Take the entries below and retype them word for word, excluding the images.

"""

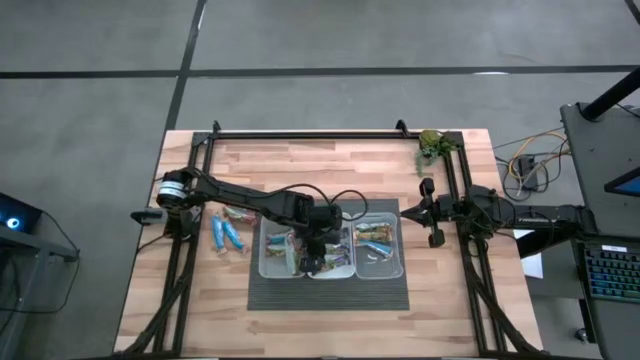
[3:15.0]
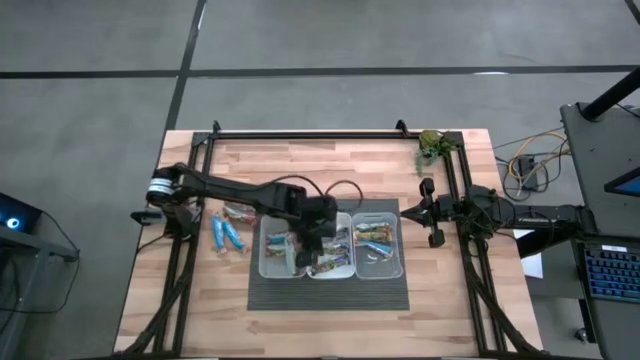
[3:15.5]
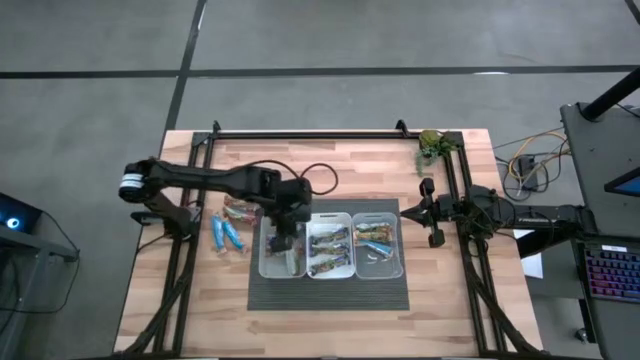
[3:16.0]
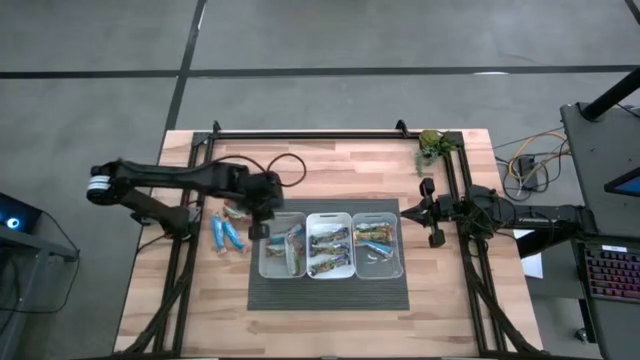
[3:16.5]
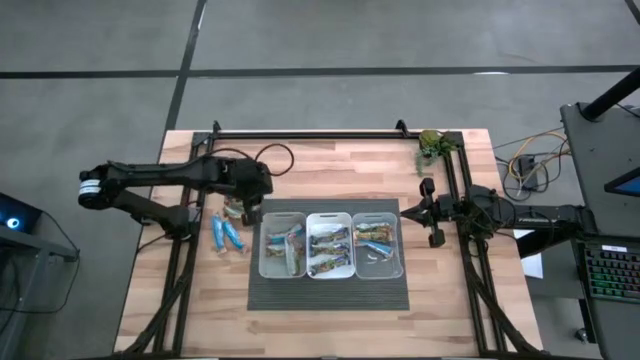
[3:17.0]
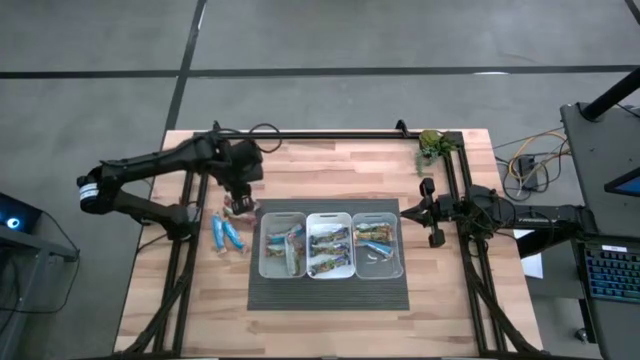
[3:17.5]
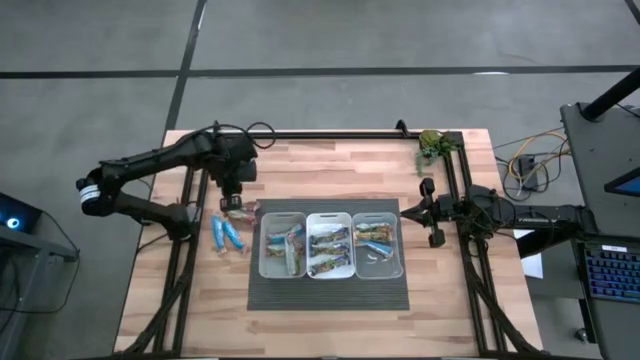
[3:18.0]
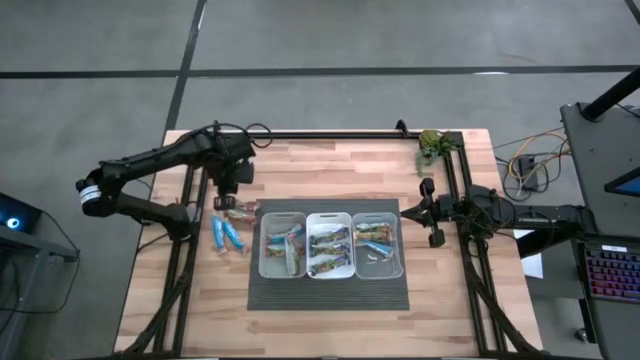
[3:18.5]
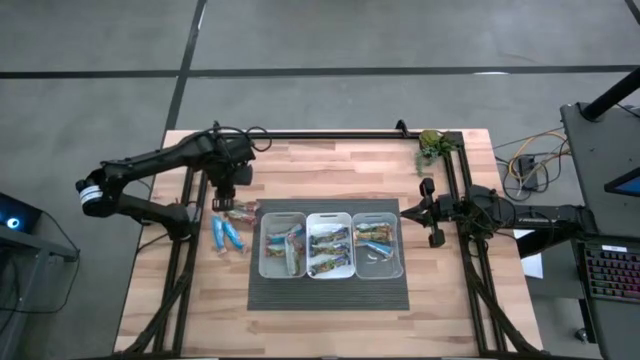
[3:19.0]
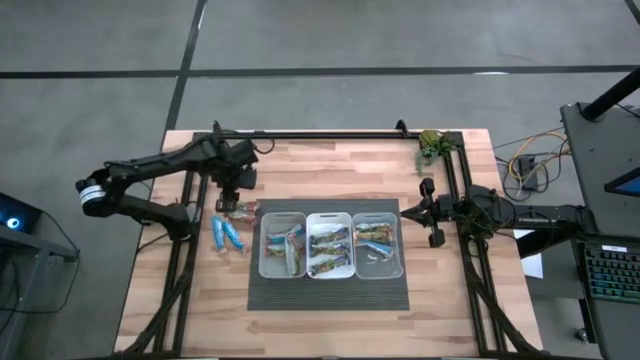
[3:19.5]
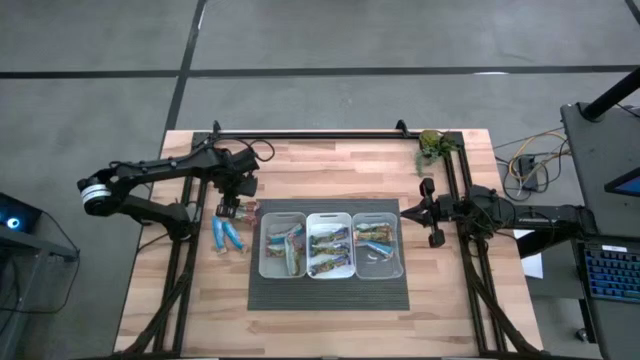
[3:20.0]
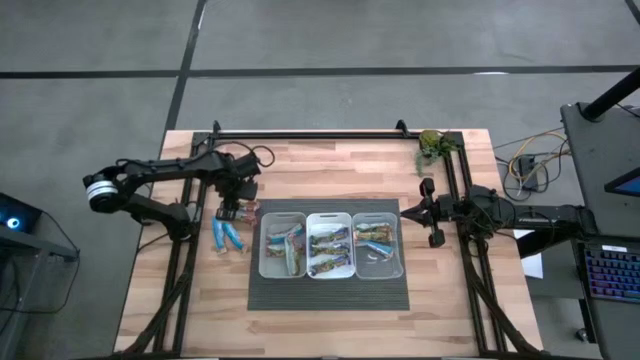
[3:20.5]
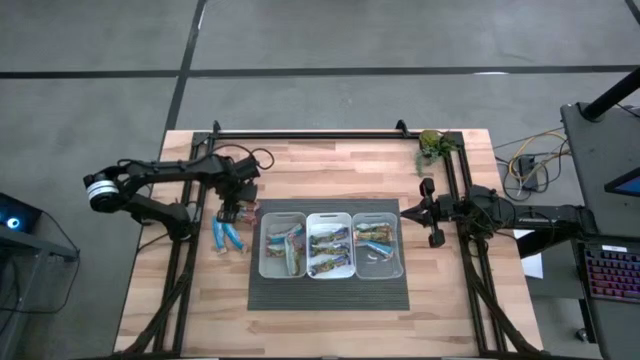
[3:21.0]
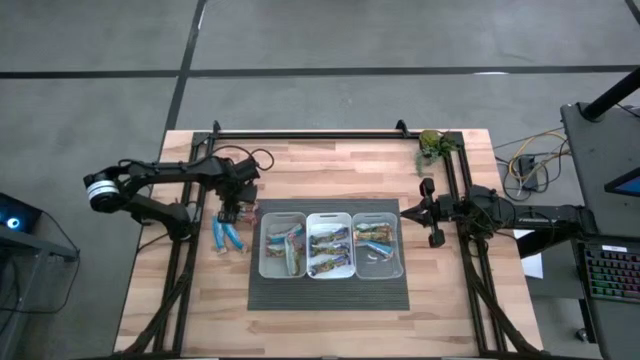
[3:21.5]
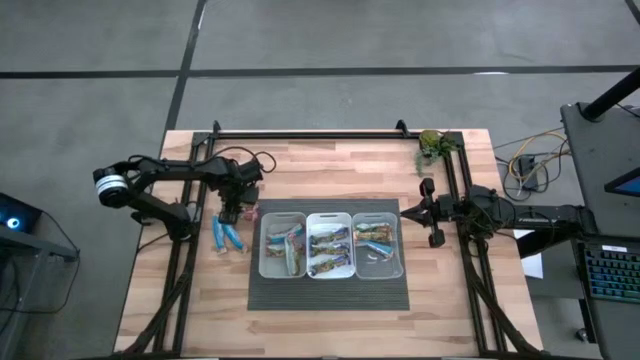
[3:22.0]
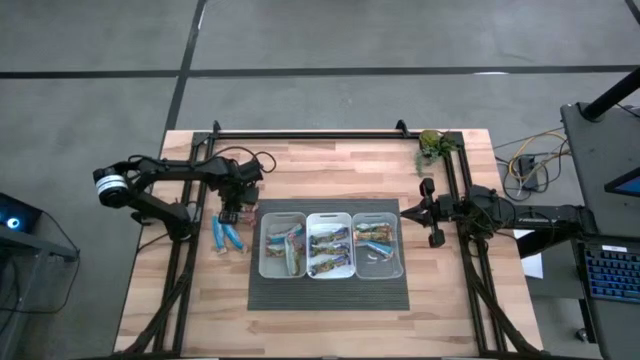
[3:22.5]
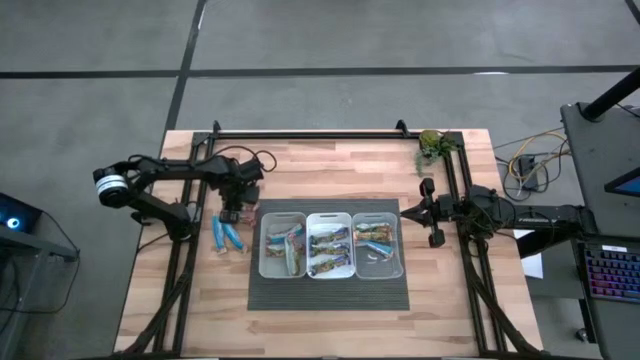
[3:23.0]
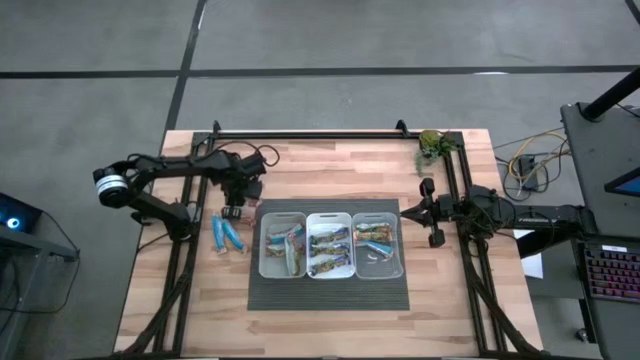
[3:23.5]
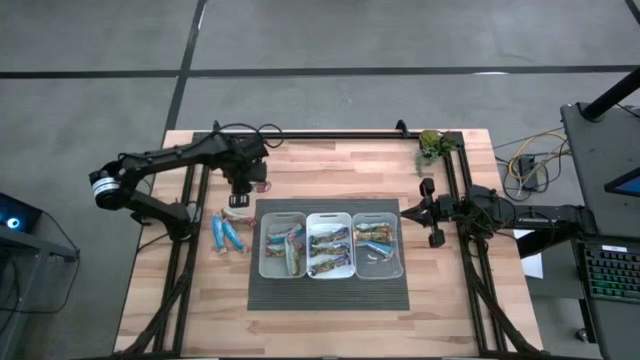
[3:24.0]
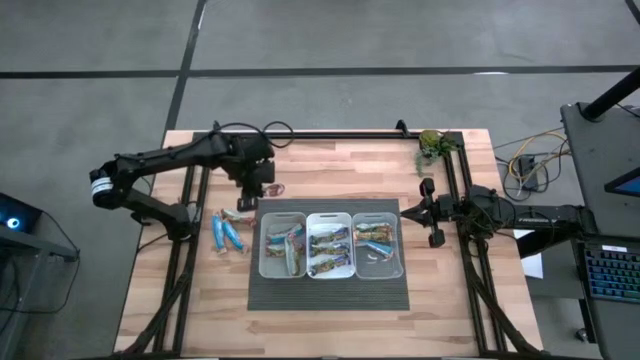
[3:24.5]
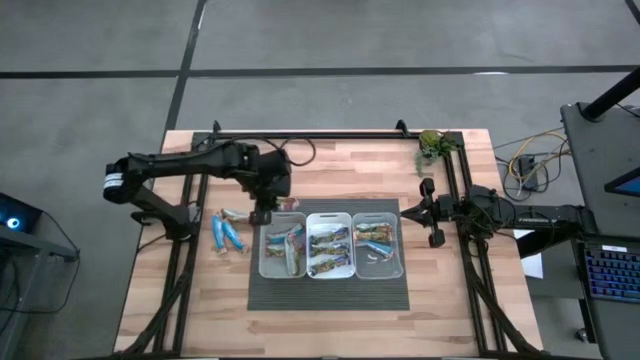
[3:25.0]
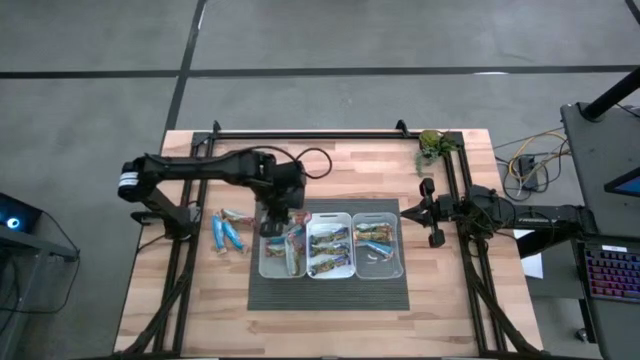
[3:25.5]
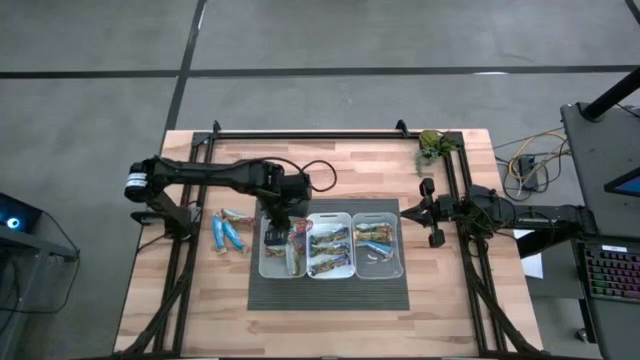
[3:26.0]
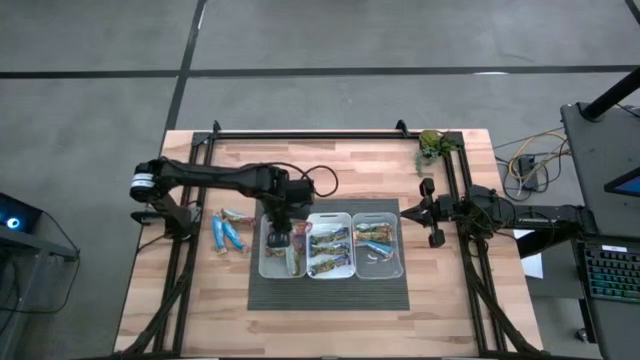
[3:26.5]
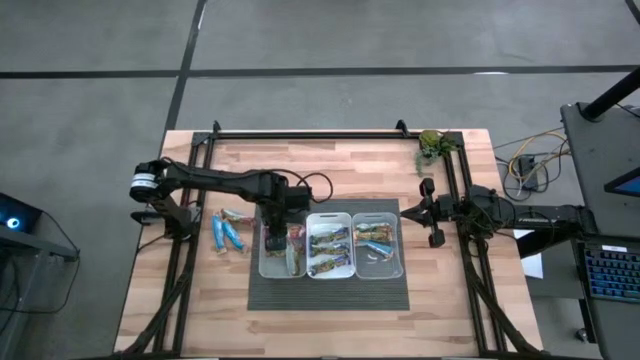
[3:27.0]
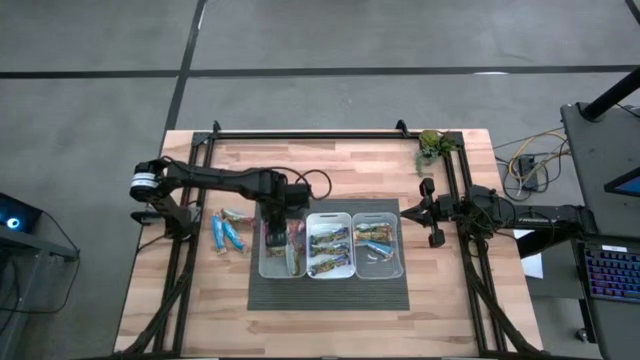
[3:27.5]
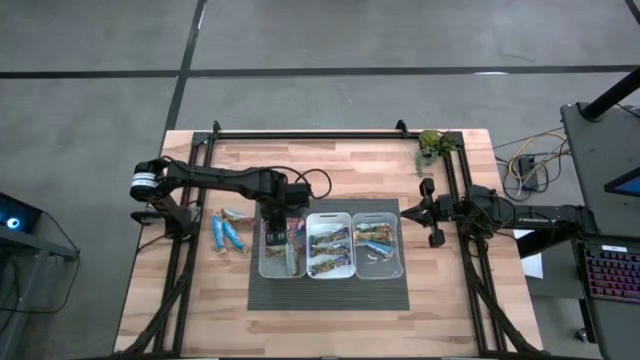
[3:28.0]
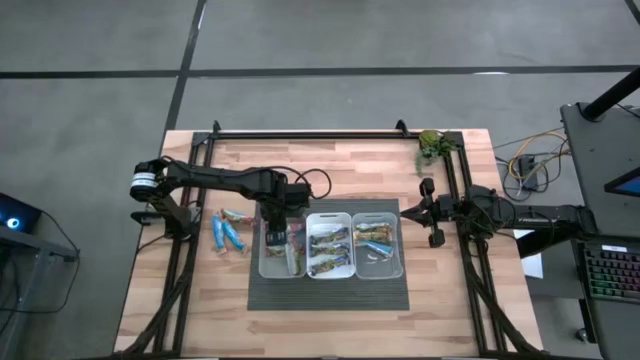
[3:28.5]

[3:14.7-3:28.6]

"""

ANSWER AREA
[3:15.0]
[3:15.5]
[3:16.0]
[3:16.5]
[3:17.0]
[3:17.5]
[3:18.0]
[3:18.5]
[3:19.0]
[3:19.5]
[3:20.0]
[3:20.5]
[3:21.0]
[3:21.5]
[3:22.0]
[3:22.5]
[3:23.0]
[3:23.5]
[3:24.0]
[3:24.5]
[3:25.0]
[3:25.5]
[3:26.0]
[3:26.5]
[3:27.0]
[3:27.5]
[3:28.0]
[3:28.5]

[3:14.7-3:28.6]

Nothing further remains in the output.